Google DeepMind has introduced two AI models designed to enhance robotic capabilities in real-world scenarios. Gemini Robotics is a vision-language-action model that can understand new situations without prior training, while Gemini Robotics-ER is an advanced model capable of interpreting complex environments and controlling robotic movements.
Built on Google’s flagship AI model, Gemini 2.0, Gemini Robotics integrates physical actions with multimodal understanding. According to Carolina Parada, head of robotics at Google DeepMind, this development allows robots to engage with the world more effectively by incorporating physical action as a core function.
Key Features and Safety Measures
Google DeepMind highlights three essential attributes of Gemini Robotics: versatility, interactivity, and dexterity. The model can generalize to new environments, interact more effectively with people and objects, and perform precise physical tasks like folding paper or opening bottles.

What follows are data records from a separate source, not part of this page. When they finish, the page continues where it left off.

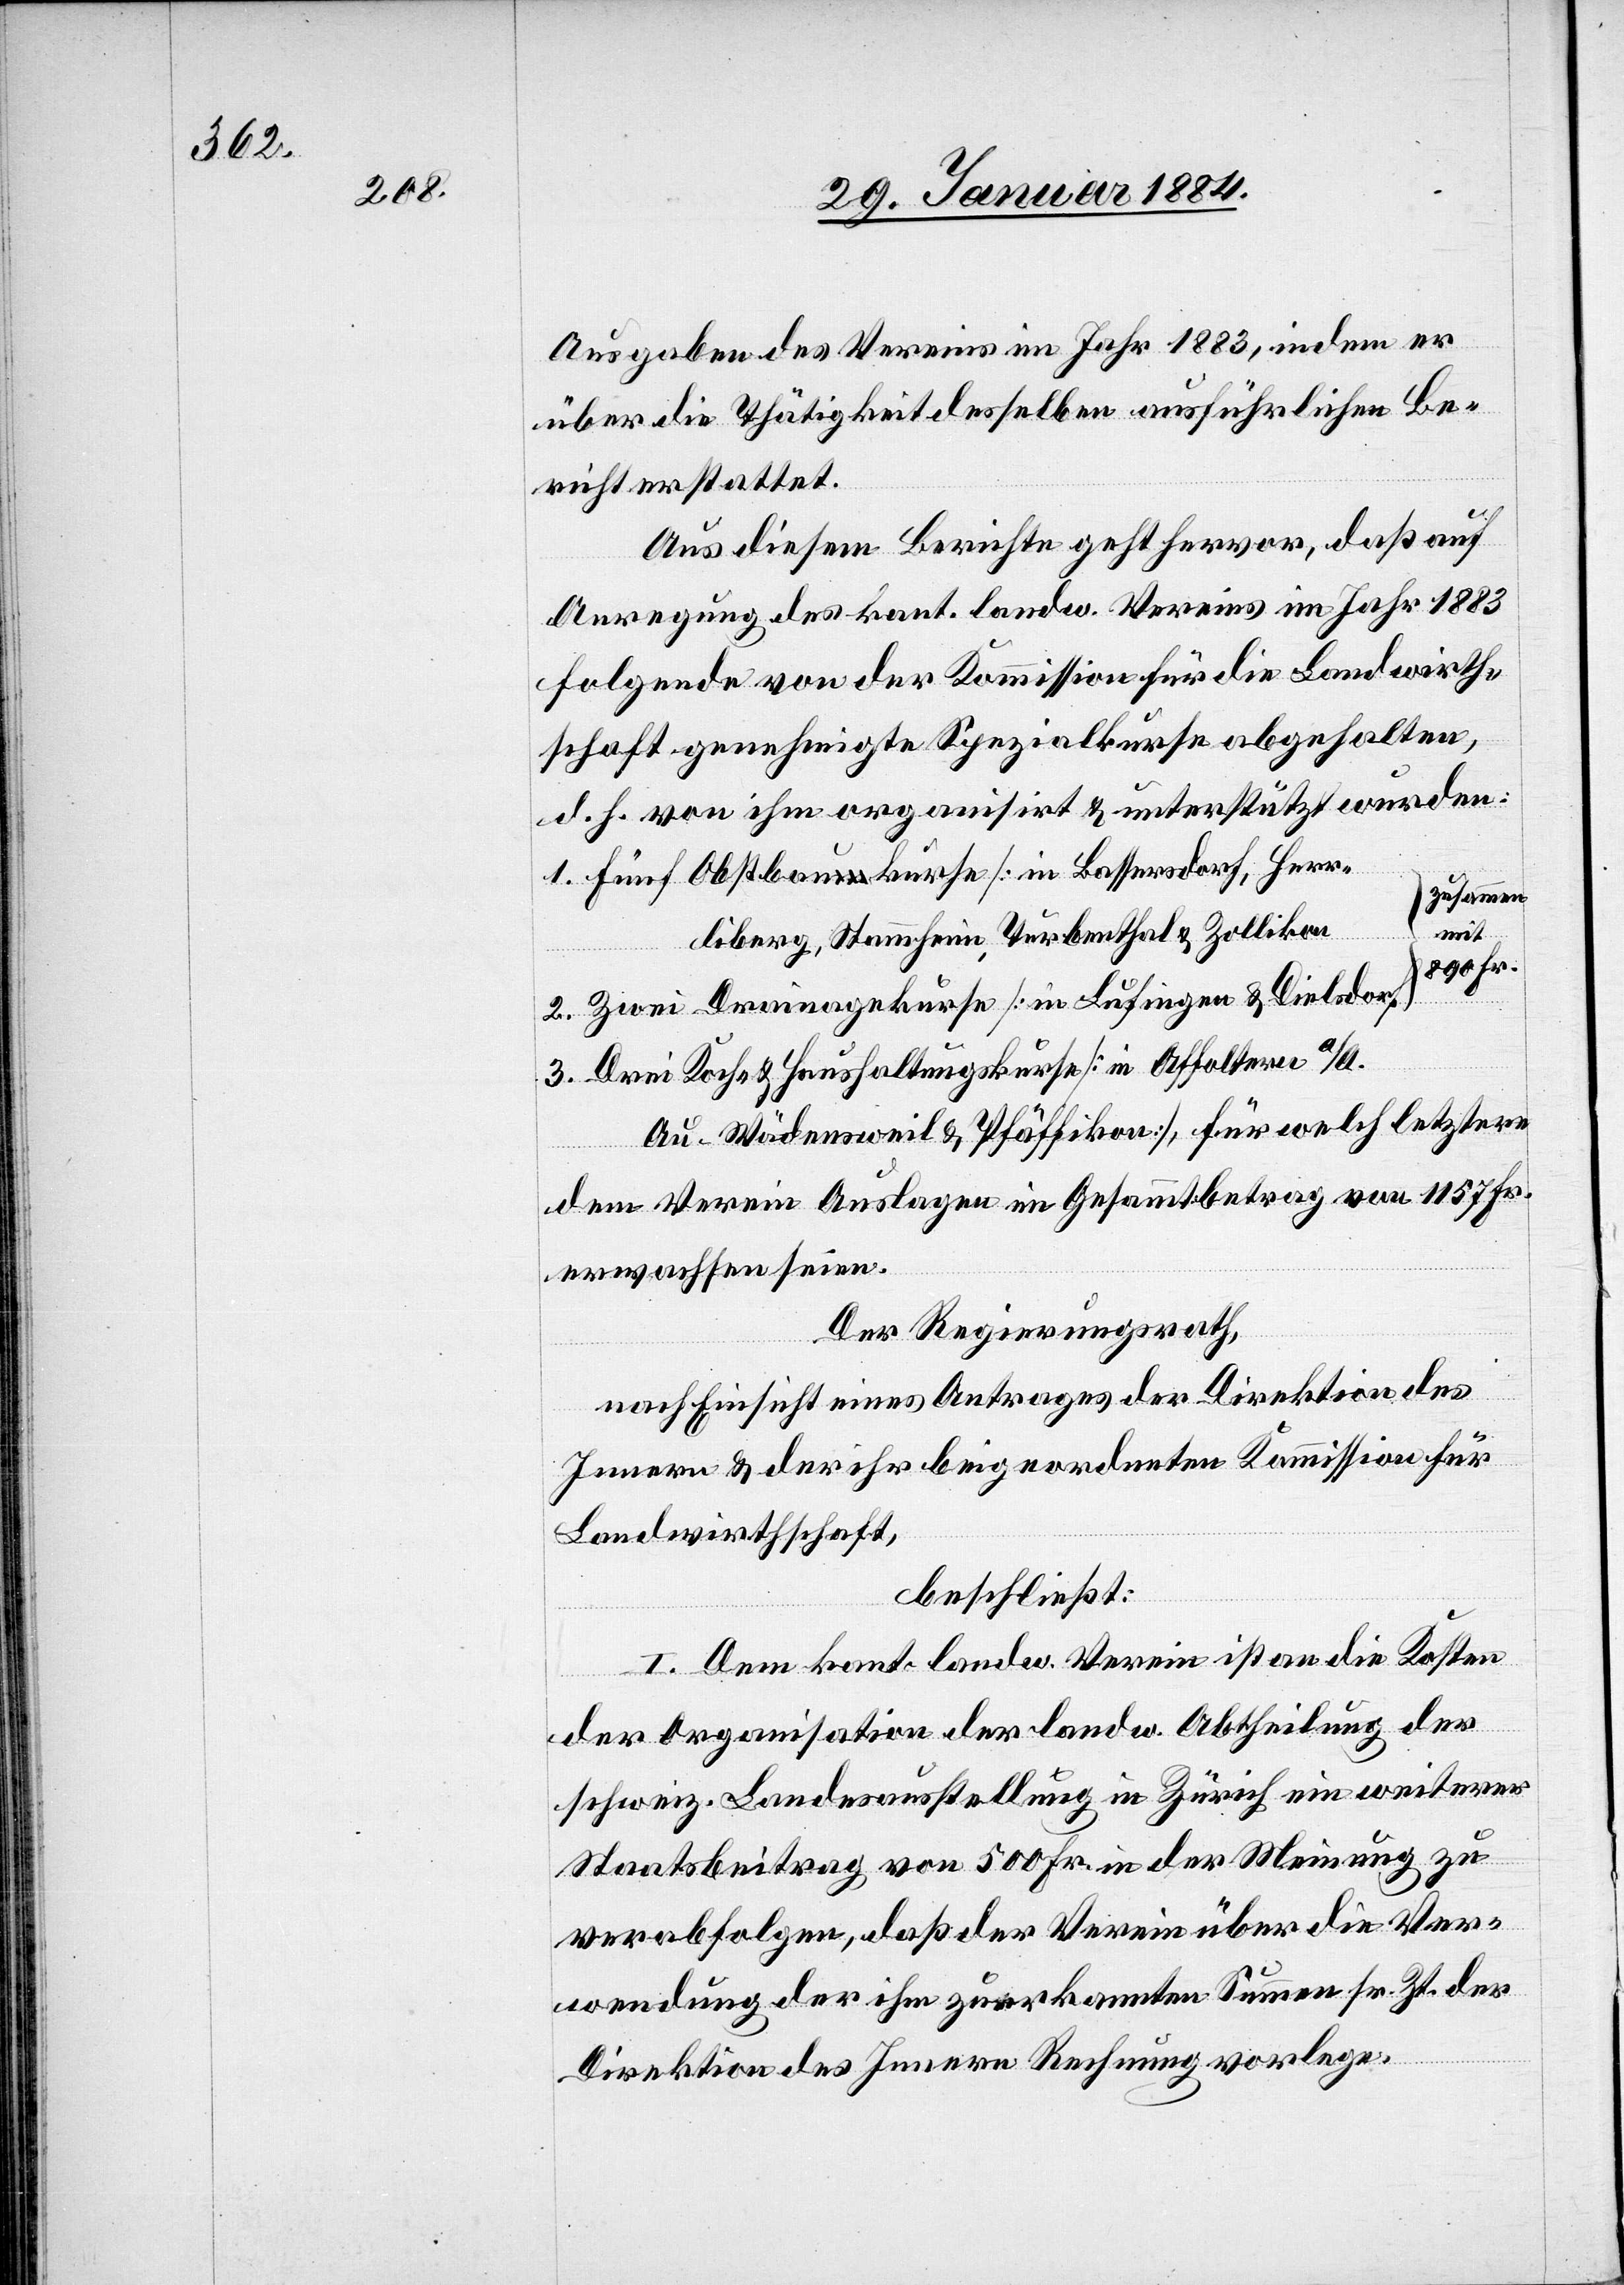
Ausgaben des Vereins im Jahr 1883, indem er
über die Thätigkeit desselben ausführlichen Be¬
richt erstattet.
Aus diesem Berichte geht hervor, daß auf
Anregung des kant. landw. Vereins im Jahr 1883
folgende von der Kommission für die Landwirth¬
schaft genehmigtem Spezialkurse abgehalten,
d. h. von ihm organisirt & unterstützt wurden:
fünf Obstbaukurse] in Bassersdorf, Herr¬
zusammen
mit
liberg, Stammheim, Turbenthal & Zollikon]
890 Fr.
Zwei Drainagekurse [in Lufingen, Dielsdorf]
Drei Koch- & Haushaltungskurse [in Affoltern a/A.,
dem Verein Auslagen in Gesammtbetrag von 1157 Fr.
erwachsen seien.
Der Regierungsrath,
&
nach Einsicht eines Antrages der Direktion des
Innern & der ihr beigeordneten Kommission für
Landwirthschaft,
beschließt:
I. Dem kant. landw. Verein ist an die Kosten
3.
der Organisation der landw. Abtheilung der
schweiz. Landesaustellung in Zürich ein weiterer
Staatsbeitrag von 500 Fr. in der Meinung zu
verabfolgen, daß der Verein über die Ver¬
wendung der ihm zuerkannten Summe sr. Zt. der
Direktion des Innern Rechnung vorlege.

Parada emphasized that this model represents a major leap in robotic development. “While we’ve made progress in each of these areas individually in the past, we’re now delivering dramatically increased performance in all three areas with a single model,” she stated. This results in robots that are more capable, responsive, and adaptable.

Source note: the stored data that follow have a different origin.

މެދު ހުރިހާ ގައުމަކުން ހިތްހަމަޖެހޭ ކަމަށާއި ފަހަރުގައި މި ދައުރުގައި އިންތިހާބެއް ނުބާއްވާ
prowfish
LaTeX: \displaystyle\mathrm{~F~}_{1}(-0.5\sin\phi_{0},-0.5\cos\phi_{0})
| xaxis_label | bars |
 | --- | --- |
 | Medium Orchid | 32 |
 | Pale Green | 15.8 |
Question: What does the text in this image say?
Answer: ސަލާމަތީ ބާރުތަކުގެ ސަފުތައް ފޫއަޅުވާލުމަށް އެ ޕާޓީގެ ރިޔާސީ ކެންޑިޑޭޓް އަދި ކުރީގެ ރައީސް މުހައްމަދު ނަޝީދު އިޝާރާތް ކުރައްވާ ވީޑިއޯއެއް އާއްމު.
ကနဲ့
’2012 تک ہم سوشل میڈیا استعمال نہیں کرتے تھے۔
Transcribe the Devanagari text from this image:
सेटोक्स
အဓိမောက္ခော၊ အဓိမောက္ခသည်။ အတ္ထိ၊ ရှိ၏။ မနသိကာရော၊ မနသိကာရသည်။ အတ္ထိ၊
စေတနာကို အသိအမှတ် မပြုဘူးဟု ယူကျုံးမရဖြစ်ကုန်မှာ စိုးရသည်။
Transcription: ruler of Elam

Gemini Robotics-ER is specifically designed for roboticists, enabling them to integrate it with existing low-level controllers. Parada illustrated its functionality using a lunchbox-packing scenario, where the model determines item locations, opens containers, and organizes objects accordingly.
Safety remains a priority in AI-driven robotics. Google DeepMind researcher Vikas Sindhwani explained that the company employs a “layered approach” in which Gemini Robotics-ER assesses whether an action is safe before execution. To further AI safety research, Google DeepMind has developed benchmarks and frameworks, including the “Robot Constitution,” a set of rules inspired by Isaac Asimov’s 1942 short story “Round Dance.”
Future Developments and Collaborations
Google DeepMind is actively collaborating with Apptronik to create next-generation humanoid robots, notes NIXSolutions. Additionally, the Gemini Robotics-ER model is being tested by trusted partners such as Agile Robots, Agility Robotics, Boston Dynamics, and Enchanted Tools.
Parada reiterated the company’s commitment to advancing AI-driven robotics: “We’re completely focused on building intelligence that can understand the physical world and act in that physical world. We’re really excited about using that in multiple incarnations and applications.”
In September 2024, Google DeepMind researchers demonstrated a learning method that enabled robots to perform intricate tasks like tying shoelaces, hanging shirts, and even repairing other robots. These advancements signal continued progress in AI-powered robotics, and we’ll keep you updated on further developments.